Challah is the quintessential Jewish Sabbath and holiday bread. Bread baked from the staff of life has a spiritual essence that affirms our connection to the earth’s harvest and sustains us. This Challah is sweet and moist. It has the long stranded texture of bread due to the use of high gluten content flour and kneading. This recipe makes one huge Challah or it makes two medium size Challahs for Shabbat. You could make ‘panezicos’ or individual rolls.
2 packages active dry yeast
1 cup warm water
1 teaspoon sugar
3 extra-large eggs room temperature
1/2 cup safflower oil or sunflower oil
1/3 cup honey
6 cups better for bread flour, high gluten flour
2 teaspoons salt
1 heaping teaspoon ground anise (optional)
1 egg beaten
parchment paper , or Silpat
To make Challah you will need a large mixing bowl, 2 pint size glass measuring pitchers or bowls. Two small bowls and measuring cups and spoons. One large baking sheet, parchment paper and a clean work surface to place dough on, wood, stone (granite), or an extra large Silpat that covers your counter. Also one pair of super clean hands.
Add yeast sugar and warm water to a two cup glass pint measuring pitcher. The water should be just warm not hot. Hot kills the yeast, it is better to be more tepid. When water yeast mix starts to foam you know yeast is alive. Now you may add honey. You can use any flavor honey. My favorite is something like orange blossom, wildflower, or avocado. Check out honey at your local farm market. All honeys have a slightly different taste and will impart a little different taste to your bread.
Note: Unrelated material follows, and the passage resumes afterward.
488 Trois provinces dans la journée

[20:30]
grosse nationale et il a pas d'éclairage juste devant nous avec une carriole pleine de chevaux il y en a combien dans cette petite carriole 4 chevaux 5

Next check room temperature eggs in a separate glass cup or bowl for any defects one by one (like blood spots). Discard any defective egg. Add 3 checked eggs and oil together in another pitcher. Measure salt and ground anise into a small bowl.
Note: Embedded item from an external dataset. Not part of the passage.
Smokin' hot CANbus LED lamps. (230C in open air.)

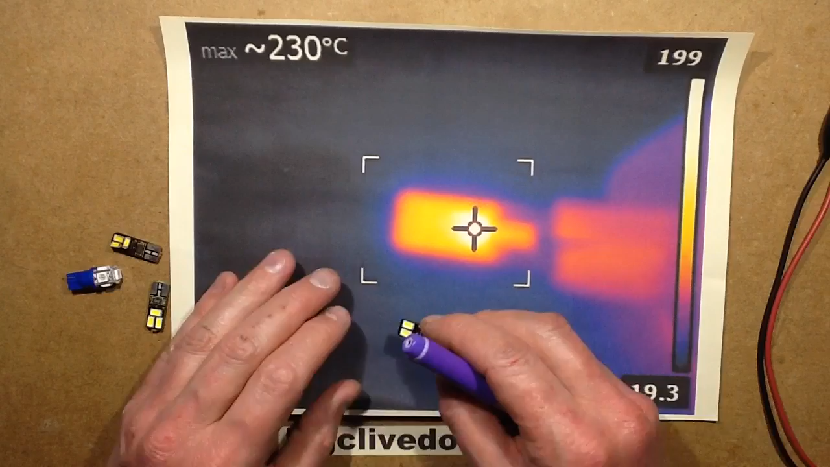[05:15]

Now that everything is measured and prepared you are ready to mix dough. Place 3 cups of bread flour into a large mixing bowl. When you measure flour, fluff flour up and then dip in measuring cup, (do not pack the flour) then level off top with a knife.
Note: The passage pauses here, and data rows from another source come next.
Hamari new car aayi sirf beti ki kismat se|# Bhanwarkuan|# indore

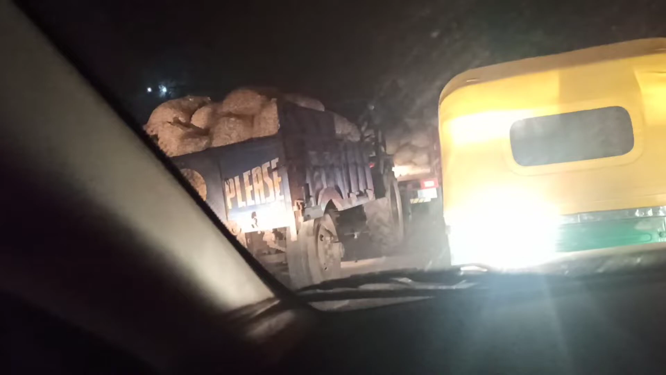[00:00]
अगे भी एक ट्रक है ये लोग क्यूँ में खड़े हैं और जैसे जैसे इनकी बारी आएगी इनका समान अनलोड होगा और उसके बाद ही ये ट्रैफिक थोड़ा-थोड़ा कम होगा ये हैं इन्दौर का सबसे फेमस कॉटिल्या अकेडमी
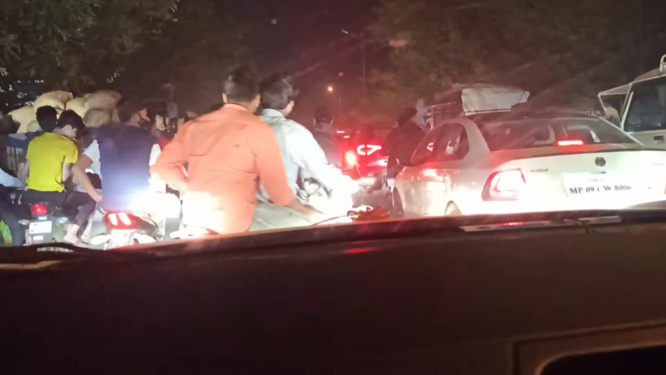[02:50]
इतनी जादा मिने एक्सपेक्ट नी की दी वो भी इस टाइम पर यहां पर शाम को सबसे जादा भीड रहने का कारण सिर्फ यह ही है कि यहां पर ट्रक्स आते हैं सब्जी और फलों
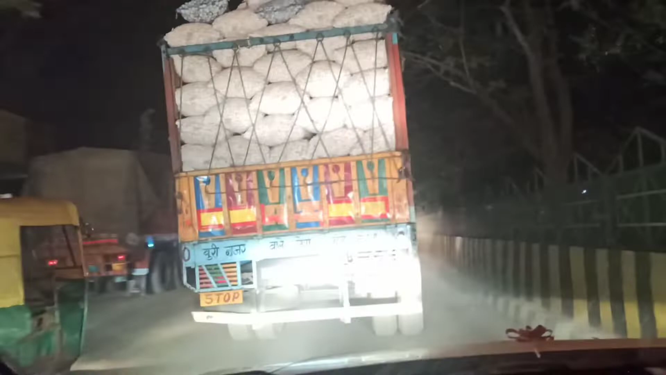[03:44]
सो फाइनली हम जाम से भार निकल गए और यह ट्रॉक्षाप मेरे सामने देख है नहीं पक्का लग रहे है की यह ट्रॉक्त है यह मुभई वाली रोड जो आगरा मुंभई वाली रोड आणा तो मैंने आपको कल दिखा रहे दूग मुझे
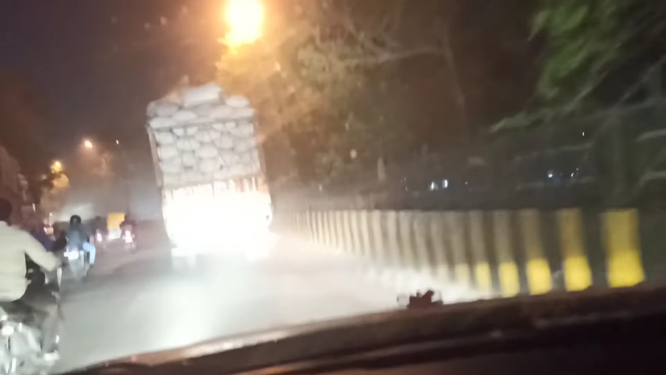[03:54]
वहाँ पे जा रहा है क्योंकि रात को ऐसे ट्रक्स वहाँ से बहुत जादा निकलते हैं
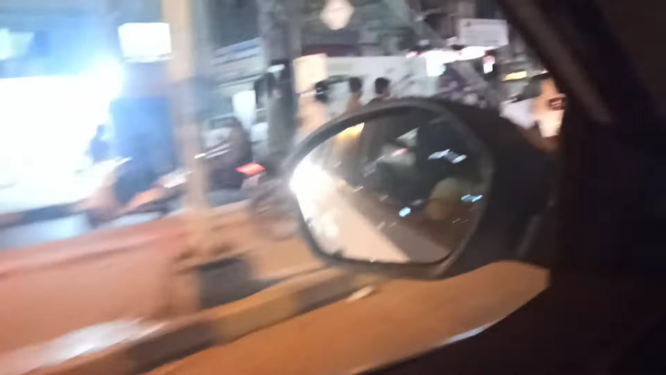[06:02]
करना पड़ता है कि यह देखिए यह से लेट से दर के आएं जही किसी तरीके से लोग आ जाते हैं बिल्कुल आपके सामने और आपको बहुत जादा के एरफूल रहना पड़ता है
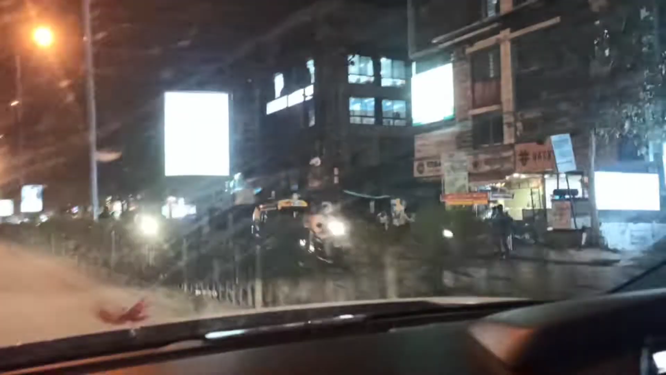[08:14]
और अब हम पहुँचने वाले हैं टावर स्क्वेर यहां पर बहुत अच्छा मार्केट है और यह कॉंबिनेशन है इससे थोड़ा सा आगे जाके सिंदी मार्केट आजाएगा और इसके पीछे जो है फुले बिजनस एरिया है तो एक तेक्या सब कह सकते हैं कि मॉडन और ट्र
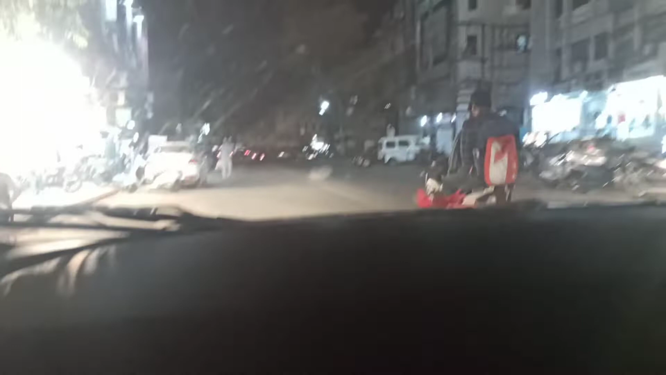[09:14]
बाजार भी बोलते हैं यहां से आप अपनी यहां
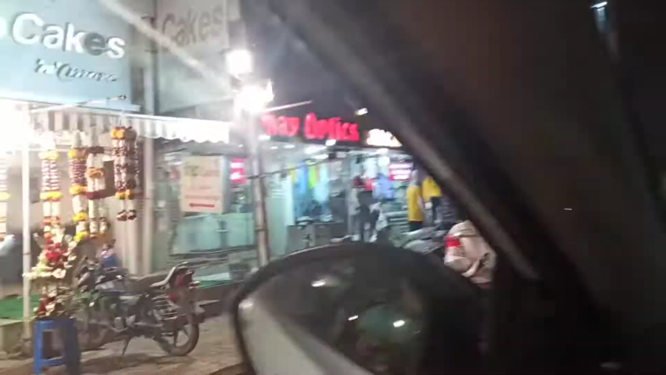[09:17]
पर कार
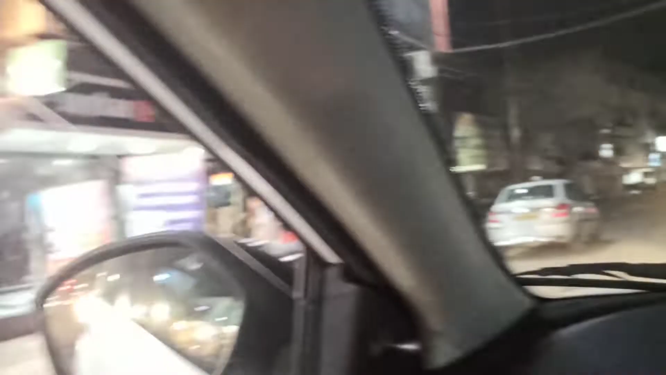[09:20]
बाजार के लिए ही लोग आते हैं कुछ भी उन्होंने ठीक करवाना हो या फिर अपनी गाड़ी को उन्होंने मोडिफाई क करवान तो भी लोग यहां आते हैं,
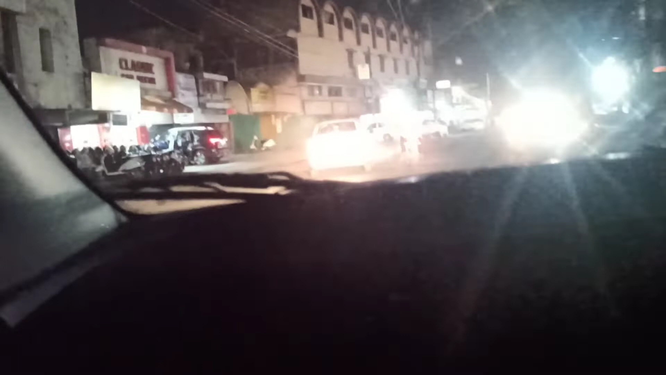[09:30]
काफी भीढती है हम पर निर सुभा पाइम पर इस वक्त सब जादा निर �زयादा यहां

Add liquids to flour, including eggs and oil, mix with your hands until all is incorporated and kind of smooth. Next, add an additional two and one half cups of flour (reserving 1/2 cup for kneading) and salt, anise to mix, combine with your hands until mix is coming together in a sticky ball.
Turn out dough onto your prepared work surface, scrape the bowl out very well. Have the last 1/2 cup of flour ready to use in the kneading process. Spread work surface under dough with a little flour. Coat both of your hands with flour and start to knead dough. Knead until the dough comes together into a ball and is not sticky, you can add some of the reserved half cup of flour little by little, as to prevent sticking. Dough will gradually absorb a little more flour and become a smooth ball. Dough should be medium soft and pliable but not sticky. Do not add too much flour.
Place kneaded dough ball back into bowl you used to mix dough, clean out first. Cover with a loose piece of plastic wrap and then a tea towel. Place the bowl in warm draft free place. Let it rise about 2 hours or until doubled in volume. Separate the challah.*
Remove dough from bowl and form a long cylinder. Hold cylinder at both ends, shake it longer and longer to about 3 feet. Divide dough in half for two Challahs. Cut each half into three equal sections or more (4, 5, 6) if you are attempting a more complicated braid. Let dough pieces rest for a few moments in between each step. It will roll out more easily. For a Rosh Hashanah coil leave dough in one piece with one end much larger, like a long snake with a head and tapered tail. For braids roll each section in to a rope. Braid then seal the ends. Once you have braided them, place breads carefully on prepared baking sheet. Cover breads with a tea towel and let them rise again until double, about one hour. Preheat oven to 350° F. Prepare a beaten egg and whatever seeds you want to sprinkle, like sesame, poppy or pumpkin. Challahs are made in different shapes for different holidays, as you can see from the pictures.
Now that the loaves have doubled in size, Brush beaten egg carefully on Challah with a light hand so as not deflate, taking care not to drip. I prefer using a small silicone basting brush to apply egg. Sprinkle with sesame seeds. Bake 30-35 minutes depending on the size, until dark golden brown. Remove from oven and place baked breads on cooling rack to preserve the crisp bottoms.
Sometimes, I make Challahs ahead and freeze them individually in heavy duty foil wrap. I reheat them in the foil in the oven. They taste freshly made when reheated like this. You can make several batches at once and freeze if you have the space.